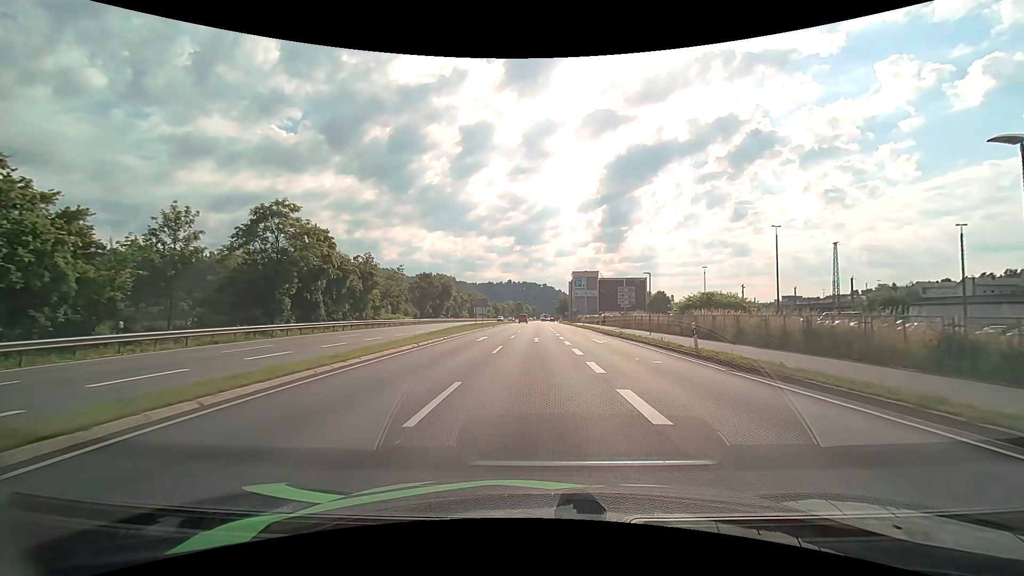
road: primary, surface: asphalt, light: Day
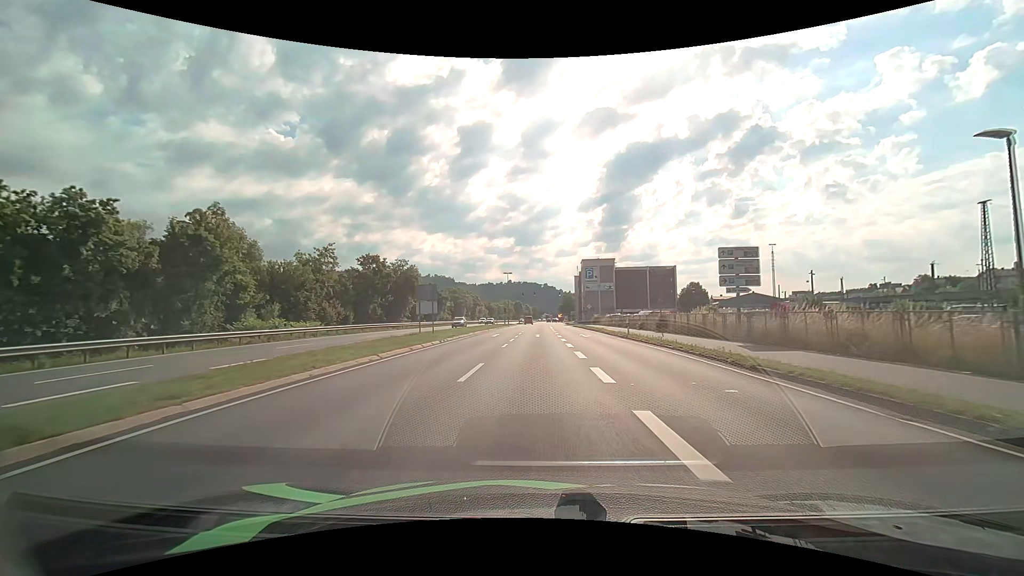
(0.0, +31.7) m; 0°
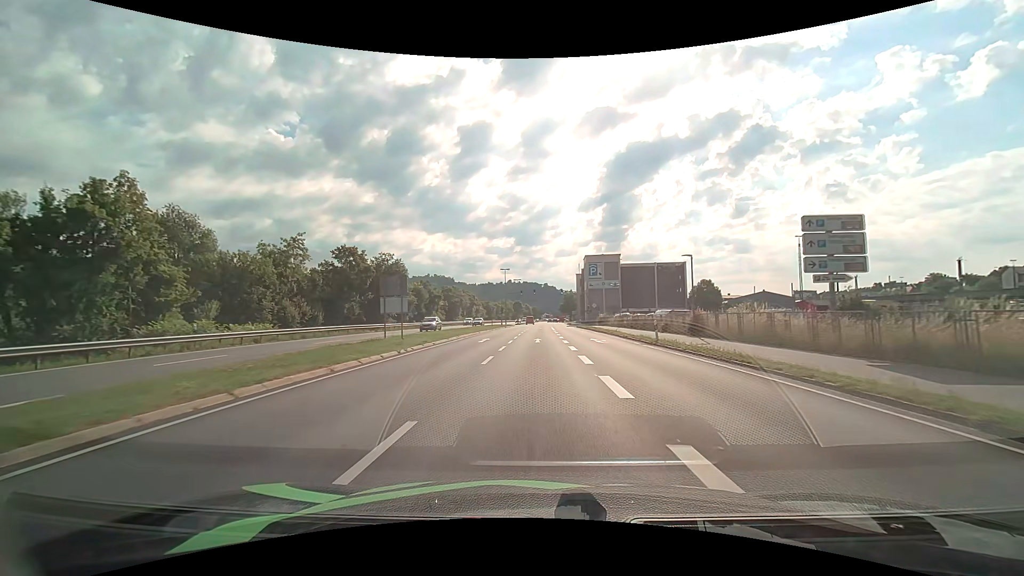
(0.0, +8.0) m; 0°
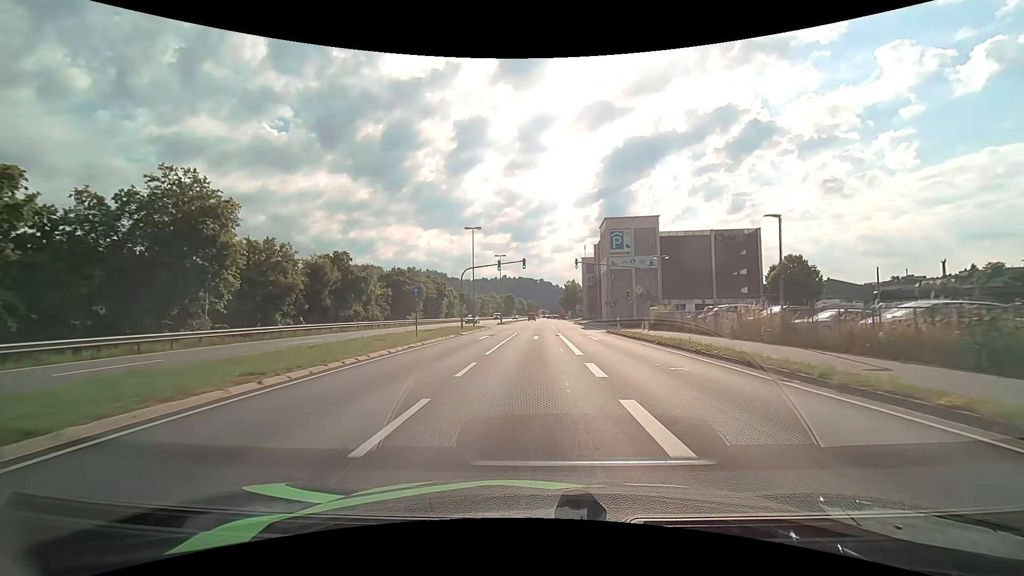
(+0.2, +39.4) m; +1°
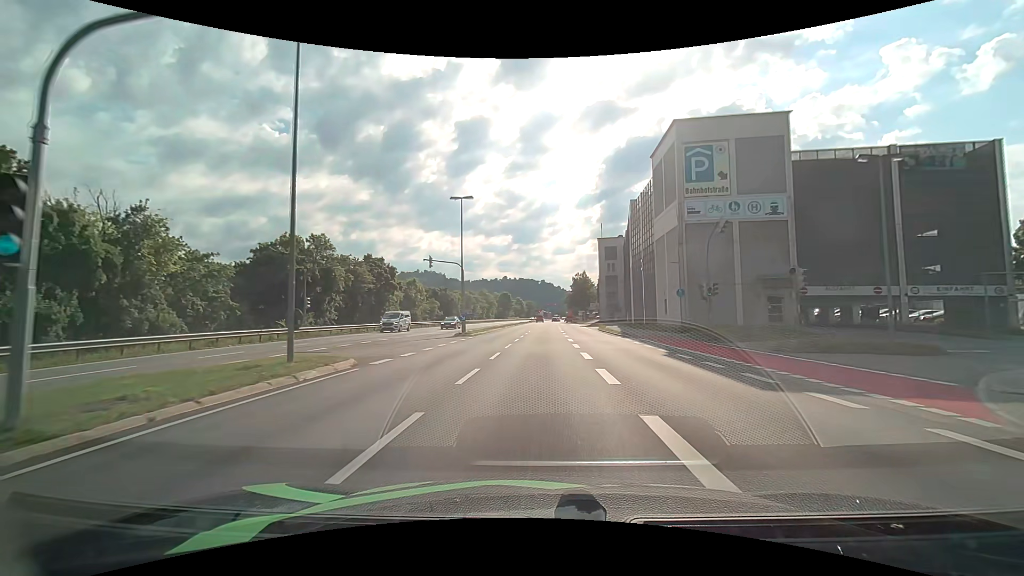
(+0.1, +37.4) m; 0°
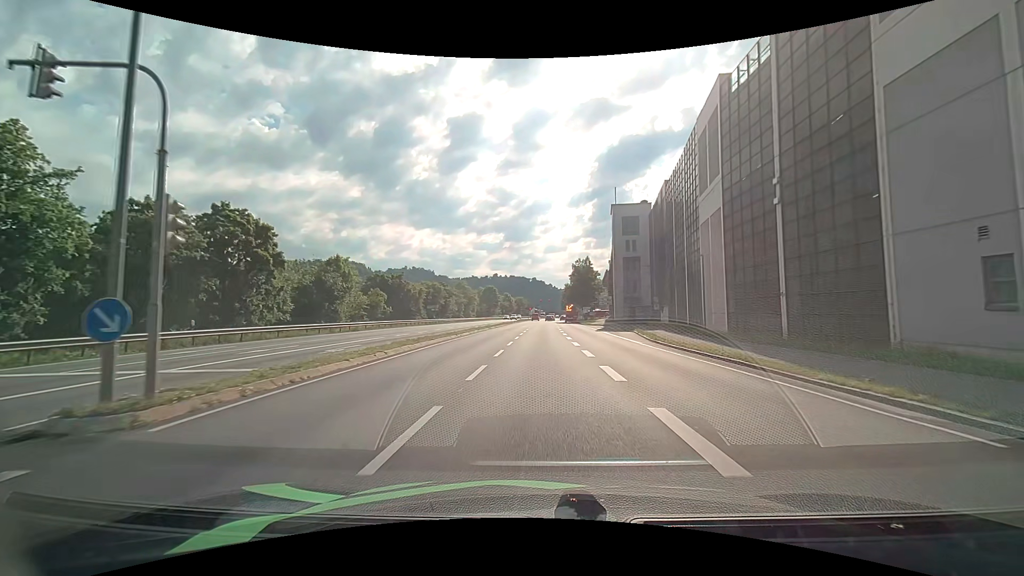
(+0.2, +29.6) m; +1°
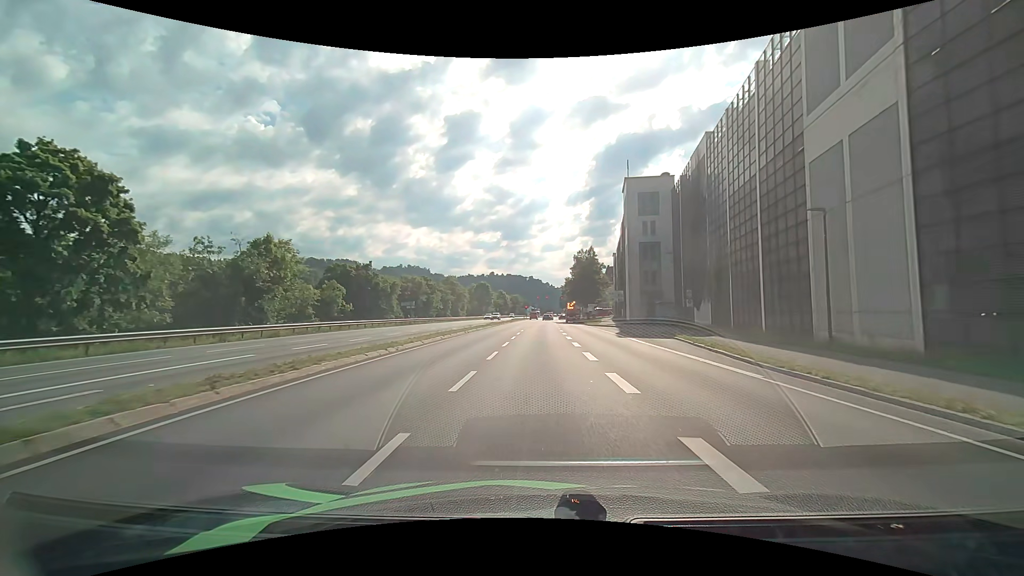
(+0.1, +13.6) m; 0°
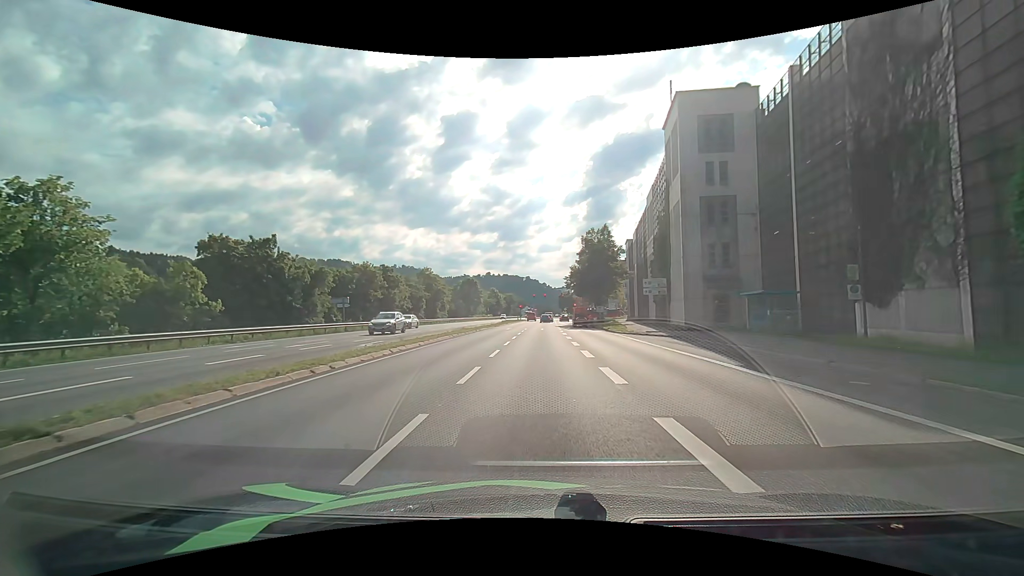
(+0.1, +22.6) m; 0°
(0, +10) (0, +20) (0, +30) (+1, +40) (+1, +50) (+1, +60) (+1, +70) (+2, +80) (+2, +90) (+3, +100) m

________________

Assignment:
The copy should hold every entry above word for word and none of the pictures.

Result below:
road: primary, surface: asphalt, light: Day
(0.0, +31.7) m; 0°
(0.0, +8.0) m; 0°
(+0.2, +39.4) m; +1°
(+0.1, +37.4) m; 0°
(+0.2, +29.6) m; +1°
(+0.1, +13.6) m; 0°
(+0.1, +22.6) m; 0°
(0, +10) (0, +20) (0, +30) (+1, +40) (+1, +50) (+1, +60) (+1, +70) (+2, +80) (+2, +90) (+3, +100) m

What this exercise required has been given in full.